▶ **ASSIGNMENT**: The whole listing below must be printed again exactly, images excluded.

▶ **MATERIAL PROVIDED**:
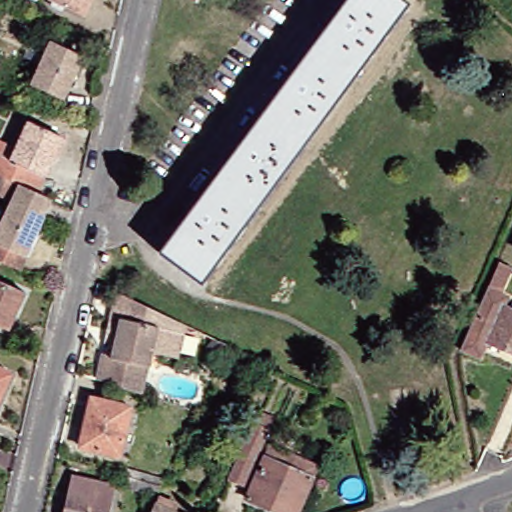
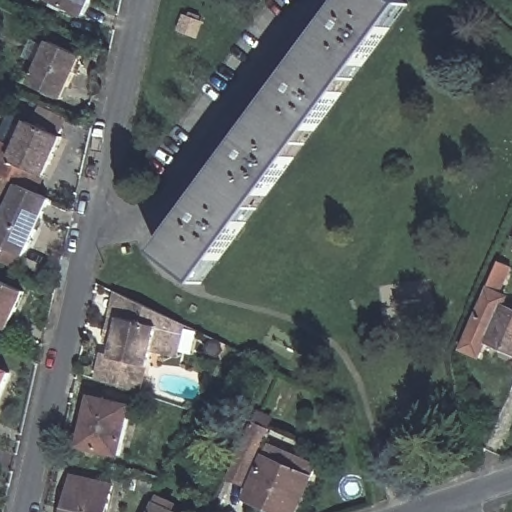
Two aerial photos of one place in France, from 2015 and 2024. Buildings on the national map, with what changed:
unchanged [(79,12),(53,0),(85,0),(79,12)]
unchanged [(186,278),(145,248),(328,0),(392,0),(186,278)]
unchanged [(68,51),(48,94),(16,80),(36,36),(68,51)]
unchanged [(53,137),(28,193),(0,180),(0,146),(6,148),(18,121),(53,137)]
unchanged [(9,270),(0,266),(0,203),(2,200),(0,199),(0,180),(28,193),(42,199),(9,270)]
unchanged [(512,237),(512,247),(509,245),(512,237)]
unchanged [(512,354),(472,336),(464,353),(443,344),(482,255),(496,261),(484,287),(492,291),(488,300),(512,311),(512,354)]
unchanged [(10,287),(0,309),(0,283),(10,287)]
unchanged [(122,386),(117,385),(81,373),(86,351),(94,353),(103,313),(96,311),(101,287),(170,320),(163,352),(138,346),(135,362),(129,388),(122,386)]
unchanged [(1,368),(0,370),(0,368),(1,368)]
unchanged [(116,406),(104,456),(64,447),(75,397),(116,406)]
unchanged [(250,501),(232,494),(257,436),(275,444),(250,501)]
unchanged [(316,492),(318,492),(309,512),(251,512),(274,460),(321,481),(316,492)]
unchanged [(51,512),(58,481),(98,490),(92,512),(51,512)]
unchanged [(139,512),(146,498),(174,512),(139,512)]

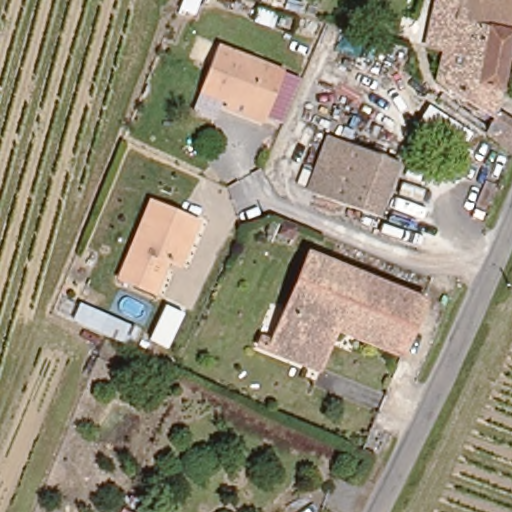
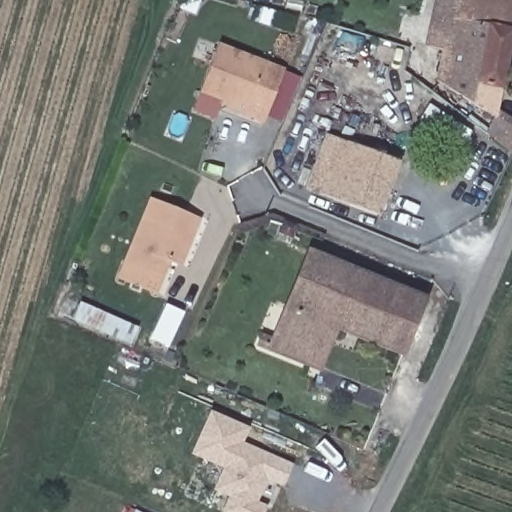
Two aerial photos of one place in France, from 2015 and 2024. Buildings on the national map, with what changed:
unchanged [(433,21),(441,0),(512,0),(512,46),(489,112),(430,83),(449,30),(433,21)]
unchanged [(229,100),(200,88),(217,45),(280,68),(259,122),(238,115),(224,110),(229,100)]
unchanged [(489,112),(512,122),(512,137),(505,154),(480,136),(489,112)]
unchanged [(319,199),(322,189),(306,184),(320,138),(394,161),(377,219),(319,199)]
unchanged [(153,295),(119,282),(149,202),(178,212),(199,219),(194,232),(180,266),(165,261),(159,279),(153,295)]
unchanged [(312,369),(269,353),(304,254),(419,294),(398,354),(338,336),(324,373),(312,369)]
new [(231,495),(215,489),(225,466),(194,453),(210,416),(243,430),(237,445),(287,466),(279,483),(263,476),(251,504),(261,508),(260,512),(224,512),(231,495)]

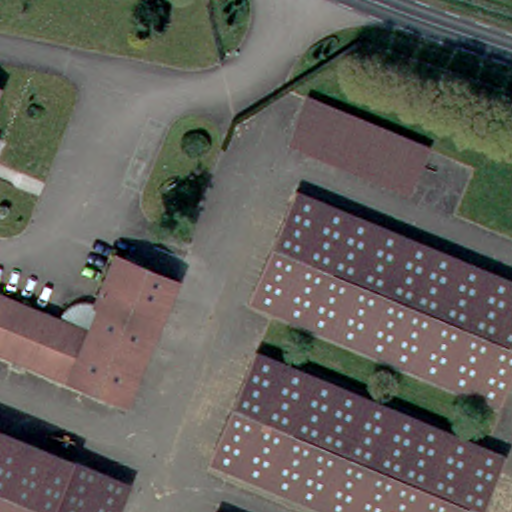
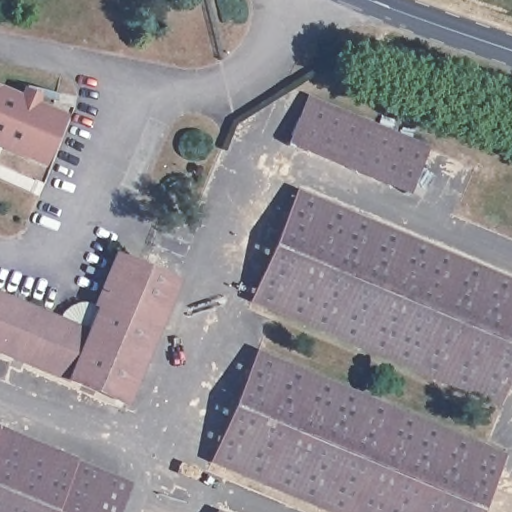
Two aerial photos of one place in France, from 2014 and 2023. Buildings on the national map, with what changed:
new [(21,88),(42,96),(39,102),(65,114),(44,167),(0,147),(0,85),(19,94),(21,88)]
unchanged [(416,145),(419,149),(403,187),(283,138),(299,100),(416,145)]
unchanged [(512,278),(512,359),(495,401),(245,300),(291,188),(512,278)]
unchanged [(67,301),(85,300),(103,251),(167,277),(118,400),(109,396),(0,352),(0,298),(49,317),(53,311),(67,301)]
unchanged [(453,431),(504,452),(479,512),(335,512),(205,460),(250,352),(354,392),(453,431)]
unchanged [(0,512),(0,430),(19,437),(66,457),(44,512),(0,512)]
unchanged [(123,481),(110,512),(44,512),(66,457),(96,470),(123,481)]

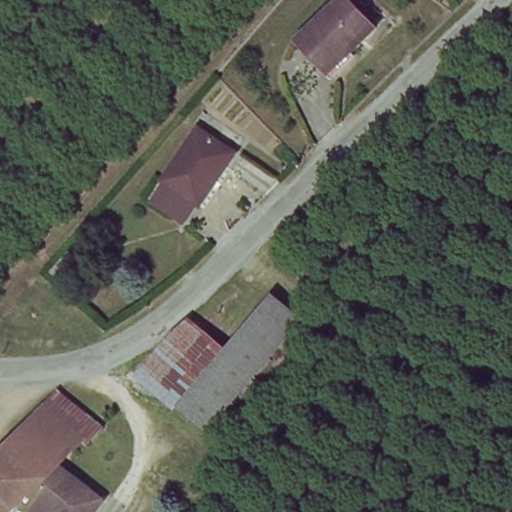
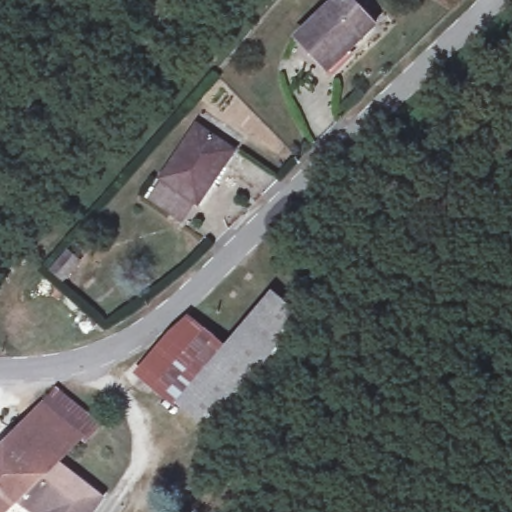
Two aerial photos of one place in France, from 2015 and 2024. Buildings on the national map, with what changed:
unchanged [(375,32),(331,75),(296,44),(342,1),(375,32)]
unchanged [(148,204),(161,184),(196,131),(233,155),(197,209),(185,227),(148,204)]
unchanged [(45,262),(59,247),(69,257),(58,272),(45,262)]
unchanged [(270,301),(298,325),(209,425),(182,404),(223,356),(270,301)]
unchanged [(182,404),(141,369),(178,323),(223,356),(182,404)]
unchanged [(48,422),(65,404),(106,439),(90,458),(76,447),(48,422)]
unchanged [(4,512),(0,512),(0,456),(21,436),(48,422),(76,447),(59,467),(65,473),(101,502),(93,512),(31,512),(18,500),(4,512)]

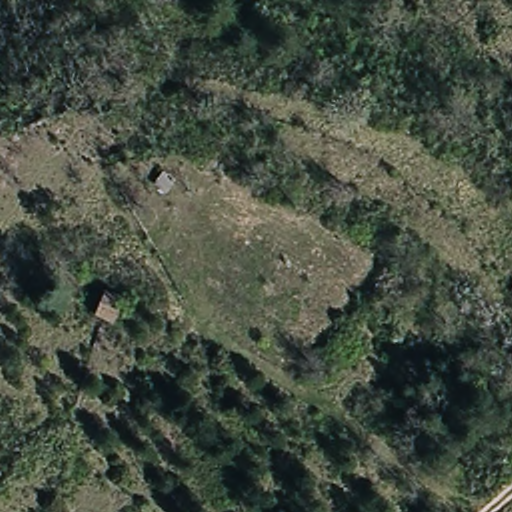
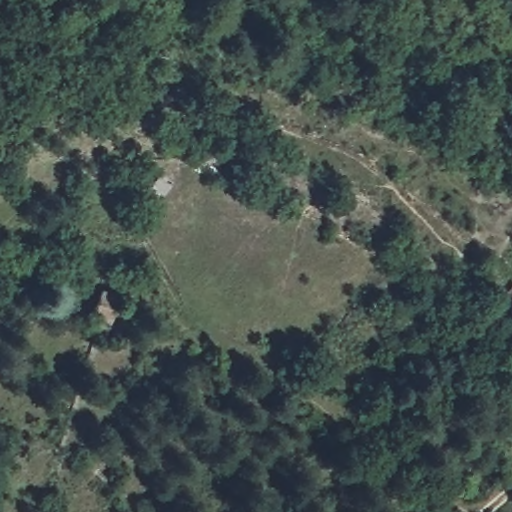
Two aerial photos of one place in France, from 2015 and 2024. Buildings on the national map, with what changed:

▶ **ANSWER TO THIS PROBLEM**:
Two aerial photos of one place in France, from 2015 and 2024. Buildings on the national map, with what changed:
unchanged [(79,12),(53,0),(85,0),(79,12)]
unchanged [(186,278),(145,248),(328,0),(392,0),(186,278)]
unchanged [(68,51),(48,94),(16,80),(36,36),(68,51)]
unchanged [(53,137),(28,193),(0,180),(0,146),(6,148),(18,121),(53,137)]
unchanged [(9,270),(0,266),(0,203),(2,200),(0,199),(0,180),(28,193),(42,199),(9,270)]
unchanged [(512,237),(512,247),(509,245),(512,237)]
unchanged [(512,354),(472,336),(464,353),(443,344),(482,255),(496,261),(484,287),(492,291),(488,300),(512,311),(512,354)]
unchanged [(10,287),(0,309),(0,283),(10,287)]
unchanged [(122,386),(117,385),(81,373),(86,351),(94,353),(103,313),(96,311),(101,287),(170,320),(163,352),(138,346),(135,362),(129,388),(122,386)]
unchanged [(1,368),(0,370),(0,368),(1,368)]
unchanged [(116,406),(104,456),(64,447),(75,397),(116,406)]
unchanged [(250,501),(232,494),(257,436),(275,444),(250,501)]
unchanged [(316,492),(318,492),(309,512),(251,512),(274,460),(321,481),(316,492)]
unchanged [(51,512),(58,481),(98,490),(92,512),(51,512)]
unchanged [(139,512),(146,498),(174,512),(139,512)]

Two aerial photos of one place in France, from 2015 and 2024. Buildings on the national map, with what changed:
unchanged [(433,21),(441,0),(512,0),(512,46),(489,112),(430,83),(449,30),(433,21)]
unchanged [(229,100),(200,88),(217,45),(280,68),(259,122),(238,115),(224,110),(229,100)]
unchanged [(489,112),(512,122),(512,137),(505,154),(480,136),(489,112)]
unchanged [(319,199),(322,189),(306,184),(320,138),(394,161),(377,219),(319,199)]
unchanged [(153,295),(119,282),(149,202),(178,212),(199,219),(194,232),(180,266),(165,261),(159,279),(153,295)]
unchanged [(312,369),(269,353),(304,254),(419,294),(398,354),(338,336),(324,373),(312,369)]
new [(231,495),(215,489),(225,466),(194,453),(210,416),(243,430),(237,445),(287,466),(279,483),(263,476),(251,504),(261,508),(260,512),(224,512),(231,495)]

Two aerial photos of one place in France, from 2014 and 2023. Buildings on the national map, with what changed:
new [(21,88),(42,96),(39,102),(65,114),(44,167),(0,147),(0,85),(19,94),(21,88)]
unchanged [(416,145),(419,149),(403,187),(283,138),(299,100),(416,145)]
unchanged [(512,278),(512,359),(495,401),(245,300),(291,188),(512,278)]
unchanged [(67,301),(85,300),(103,251),(167,277),(118,400),(109,396),(0,352),(0,298),(49,317),(53,311),(67,301)]
unchanged [(453,431),(504,452),(479,512),(335,512),(205,460),(250,352),(354,392),(453,431)]
unchanged [(0,512),(0,430),(19,437),(66,457),(44,512),(0,512)]
unchanged [(123,481),(110,512),(44,512),(66,457),(96,470),(123,481)]

Two aerial photos of one place in France, from 2015 and 2024. Buildings on the national map, with what changed:
unchanged [(375,32),(331,75),(296,44),(342,1),(375,32)]
unchanged [(148,204),(161,184),(196,131),(233,155),(197,209),(185,227),(148,204)]
unchanged [(45,262),(59,247),(69,257),(58,272),(45,262)]
unchanged [(270,301),(298,325),(209,425),(182,404),(223,356),(270,301)]
unchanged [(182,404),(141,369),(178,323),(223,356),(182,404)]
unchanged [(48,422),(65,404),(106,439),(90,458),(76,447),(48,422)]
unchanged [(4,512),(0,512),(0,456),(21,436),(48,422),(76,447),(59,467),(65,473),(101,502),(93,512),(31,512),(18,500),(4,512)]

Two aerial photos of one place in France, from 2015 and 2024. Buildings on the national map, with what changed:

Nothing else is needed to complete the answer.